The interim payment was to provide for Eoin’s care up to 2012, Ms O’Mahony said, when it was believed the Government would have enacted legislation on periodic payment orders that would allow the family to obtain funds to provide for Eoin on a yearly basis.

“In October 2011, a High Court working group on medical negligence and periodic payments recommended that legislation should be enacted to empower the courts to make periodic payment orders, but the Government has failed to enact that legislation.”

The family had to go back to the High Court in 2012 to secure a second interim payment of €1.2 million to provide care for Eoin up to 2014, by which time it was again anticipated the legislation for periodic payment orders would be enacted.

But the Government again failed to enact the legislation, so in December 2014, the O’Mahonys went back to the High Court for a third time, with the case being finalised in the past week when they opted for a full and final lump-sum payment of €10 million rather than wait on the legislation to be enacted.

“A periodic payment order is a yearly award for damages for the person who was injured: it’s what we wanted originally for Eoin, but we realise we are older now and we don’t have the energy we had back then, plus we didn’t want to burden Eoin’s siblings with having to continuously deal with this.

“With the periodic payments, the person gets a yearly award for their life, so there is no worry for their carers who are looking after them.

“With a lump-sum, one has to decide on life expectancy and make a prediction and that is never going to be right: it’s either going to be too little or too much.”

Liability

According to Ms O'Mahony, "nobody wants to make money out of cases like these", but the State Claims Agency, which handles medical negligence cases on behalf of the HSE, continues to contest every aspect of the case, even when liability has been accepted, as happened in their case.

“The State Claims Agency fought us all the way: at times we felt like the defendants. They fight tooth and nail about care and needs and contest almost everything.

“Of course, their job is to protect the money and the State, but in cases where negligence is admitted they should be more empathetic.”

Aside from the issue of periodic payments being enacted in law, Ms O’Mahony would like to see the current Medical Council guidelines on duty of candour for the medical profession, where they operate an open approach of communicating to patients, strengthened by legislation, as has happened in other states.

“There should be a duty of candour on medical professionals to put up their hands and admit this happened and say, ‘How can we go forward from here?’

“I don’t feel any anger towards them: what happened to Eoin should not have happened but it did, and we need to move on and provide the best possible care for him.”

Ms O’Mahony said the whole process was hugely draining and returning to the High Court each time resurrected the terrible trauma of Eoin becoming ill, so when the case was finalised, she felt a certain relief.

Relief

“My feeling this week is one of relief that that part of it is over.

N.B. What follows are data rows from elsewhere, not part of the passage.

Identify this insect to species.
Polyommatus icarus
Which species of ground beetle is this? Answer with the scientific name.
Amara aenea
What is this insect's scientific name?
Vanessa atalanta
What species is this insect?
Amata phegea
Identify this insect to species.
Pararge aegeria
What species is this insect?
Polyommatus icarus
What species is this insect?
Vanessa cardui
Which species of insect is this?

People speak about ‘closure’: I hate the word because for us, it continues in terms of care, which is the primary thing really, but at least the legal side of it is finished and the money goes to the ward of courts office to draw down for Eoin.

Eoin is doing well now thanks to the great care he receives from his support team, but caring for him is enormously expensive and Ms O’Mahony is conscious many other families are still caught up in the legal quagmire that took them some 14 years to work through.

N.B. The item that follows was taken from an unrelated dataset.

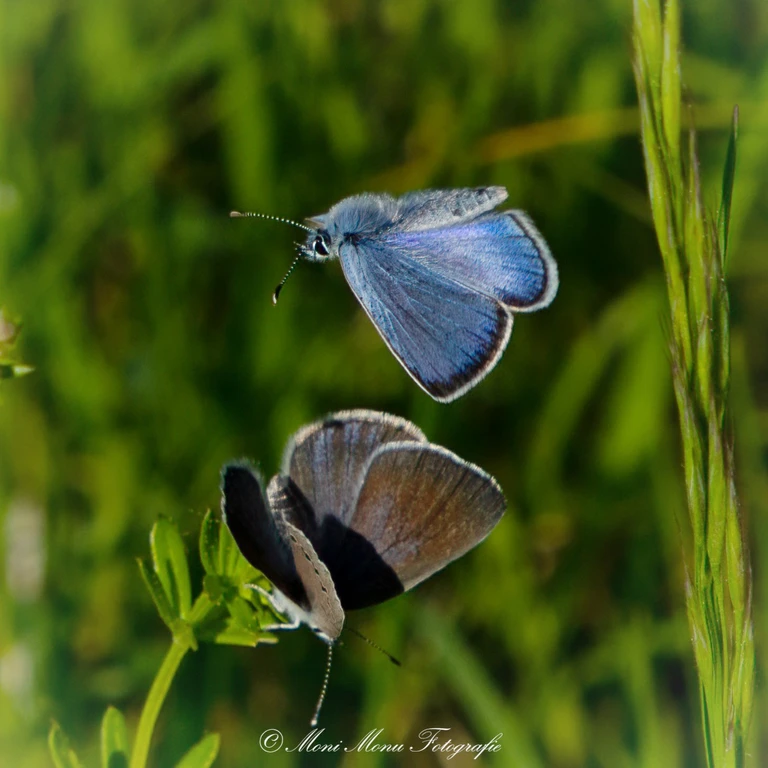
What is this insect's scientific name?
Glaucopsyche alexis
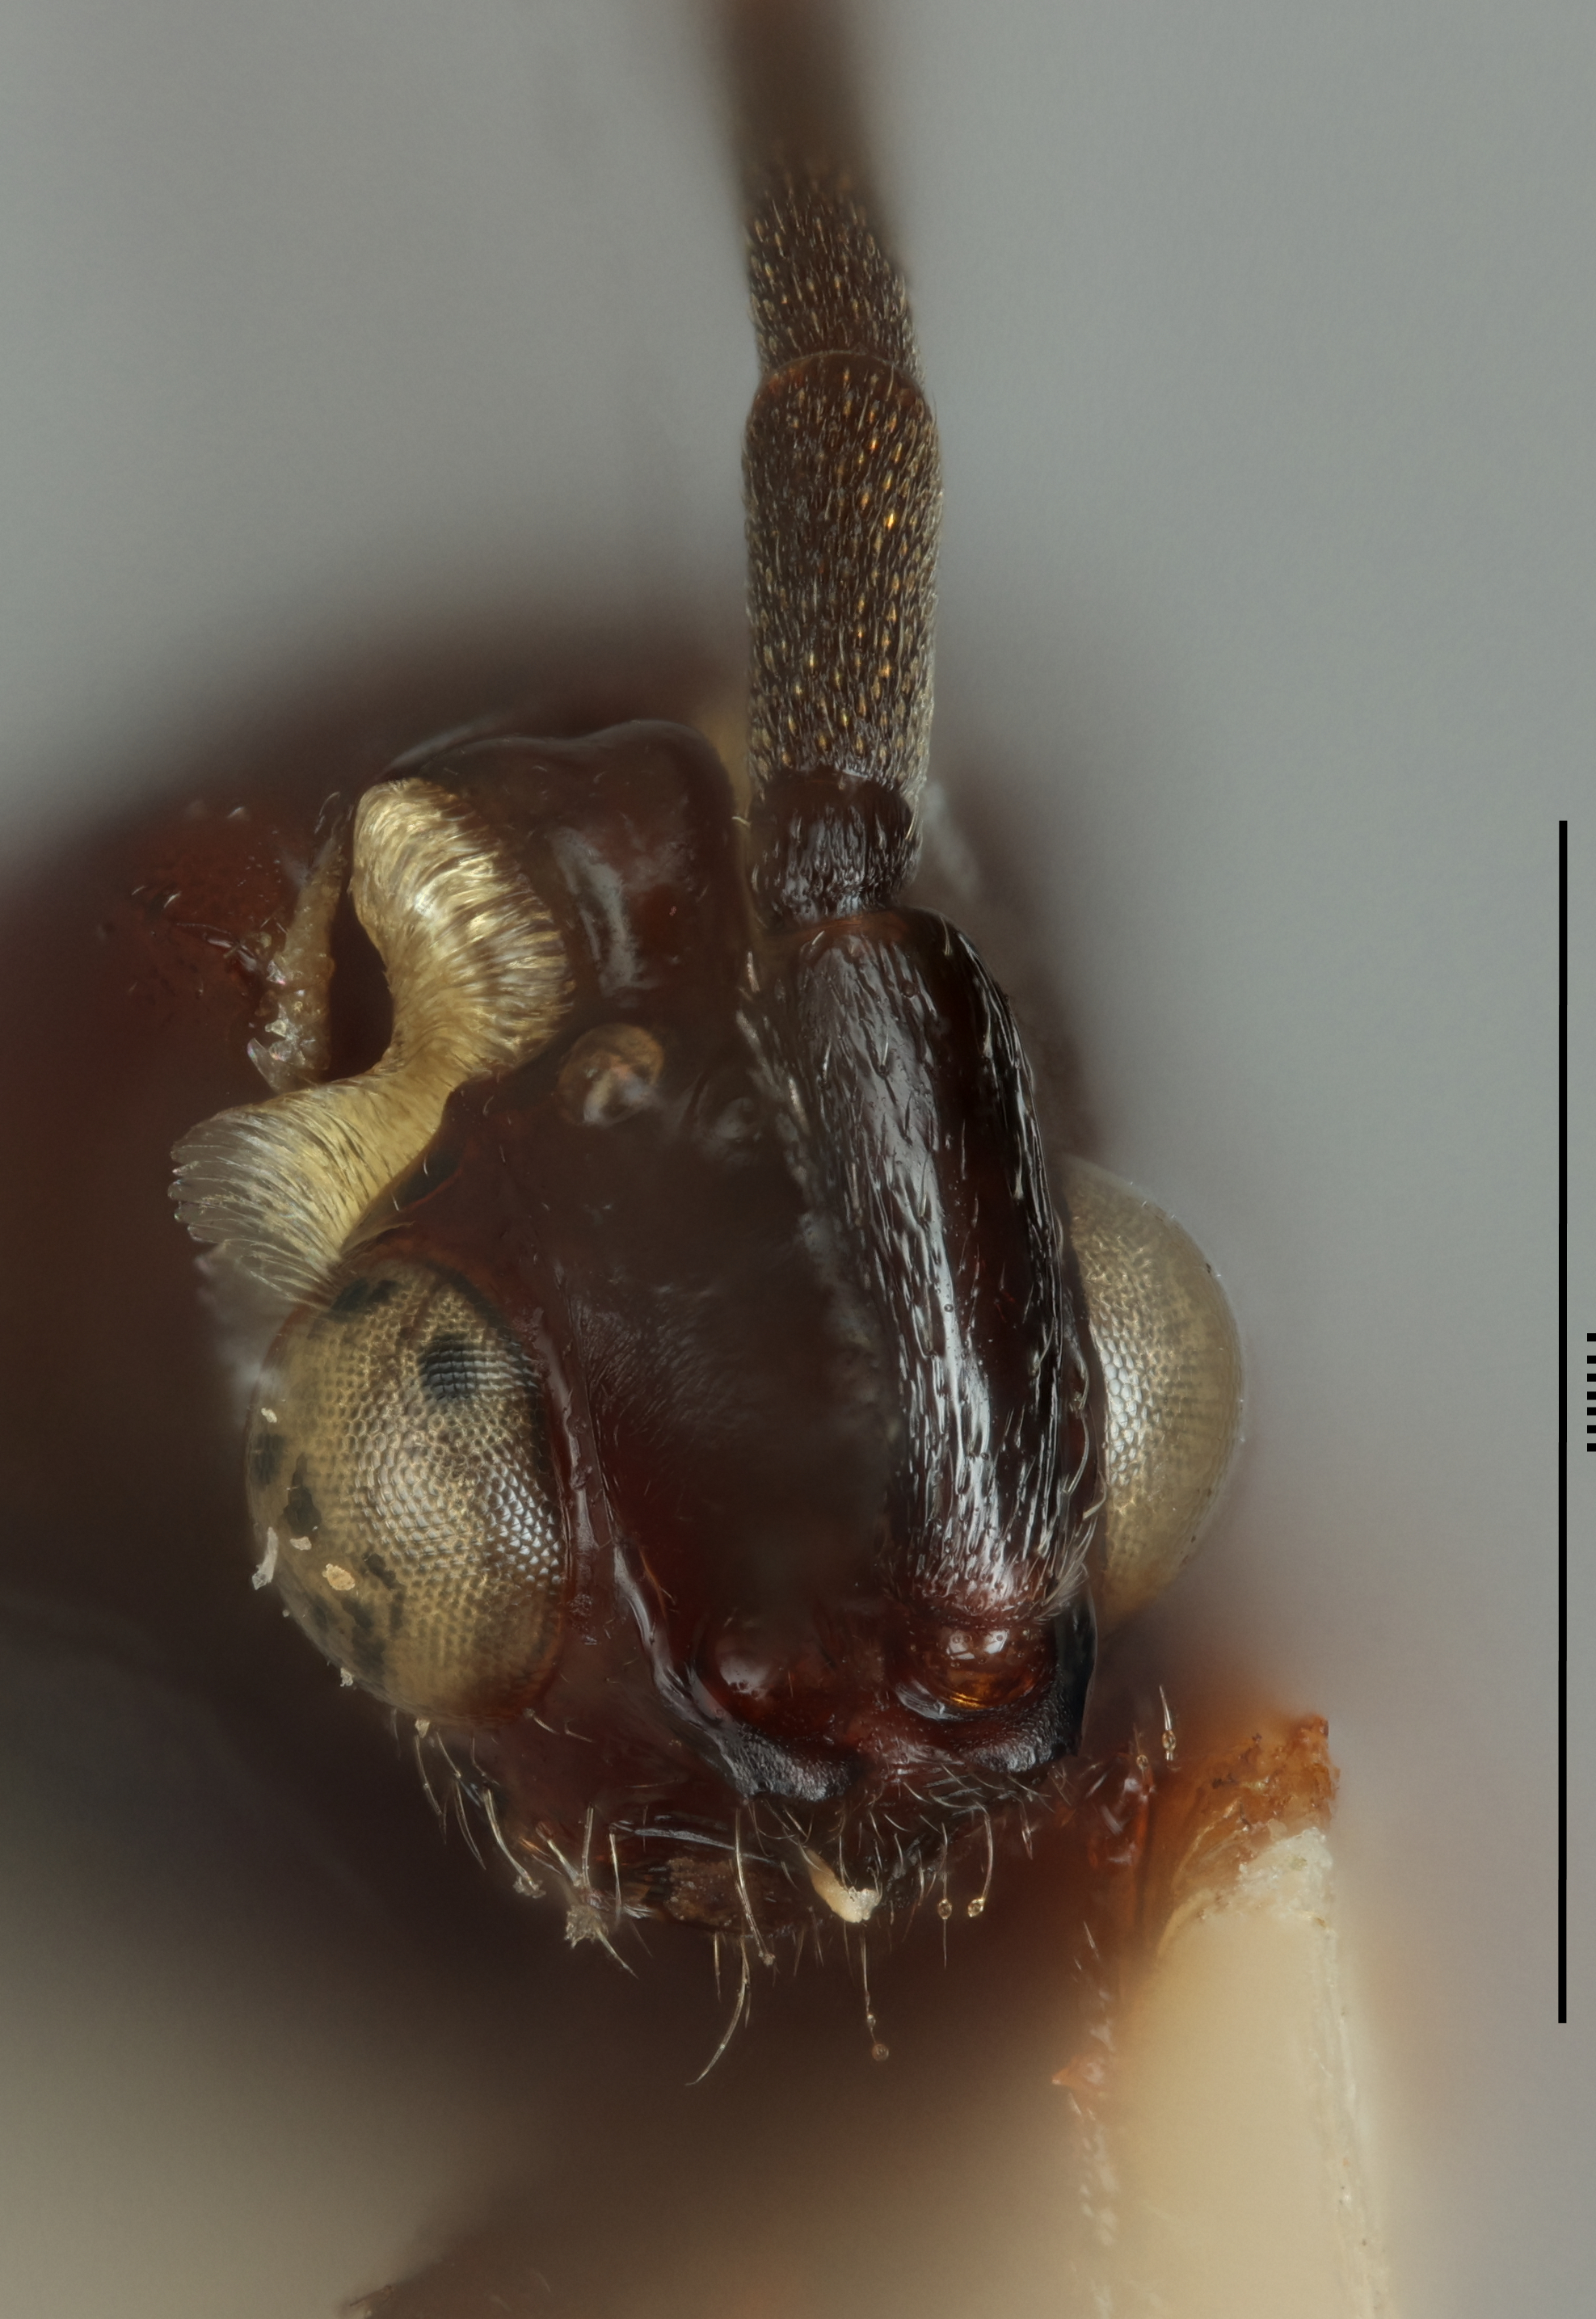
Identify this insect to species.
Loboscelidea nigra

“The Government should enact the periodic payments order legislation immediately and there should be a fast-track system introduced when negligence is admitted so that families can secure proper and prompt settlements for their loved ones. Like us, that’s all that families want.”

A Department of Justice spokesman said a schedule of the Civil Liability Amendment Bill 2015 relating to periodic payment orders was published in May, and the Bill is currently being drafted by the Office of Parliamentary Counsel.

It is intended to publish the Bill early in the new year, he said.